[Extracted entries — start]

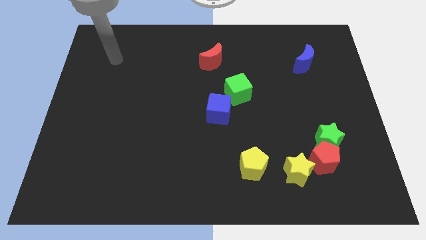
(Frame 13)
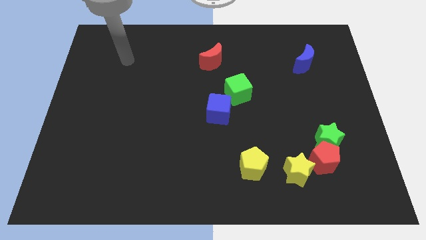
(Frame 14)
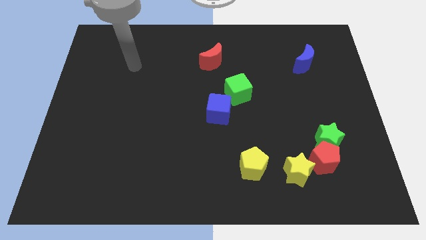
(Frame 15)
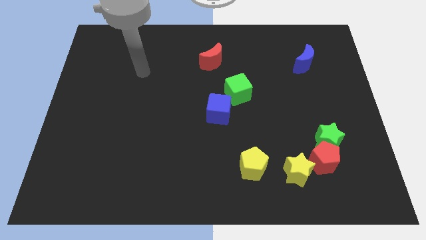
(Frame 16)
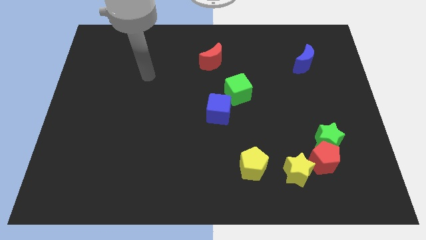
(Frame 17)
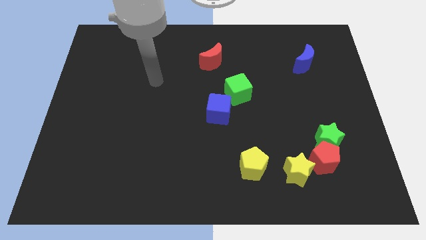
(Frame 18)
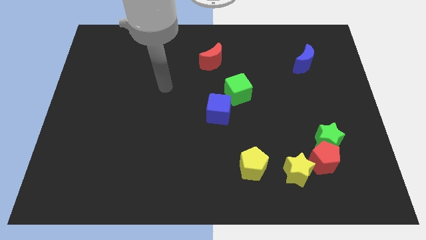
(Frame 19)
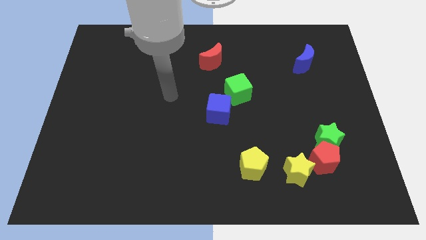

[Extracted entries — finish]

About this exercise ▸
All entries above are to be restated exactly, with every image omitted.

Solution below ▸
(Frame 13)
(Frame 14)
(Frame 15)
(Frame 16)
(Frame 17)
(Frame 18)
(Frame 19)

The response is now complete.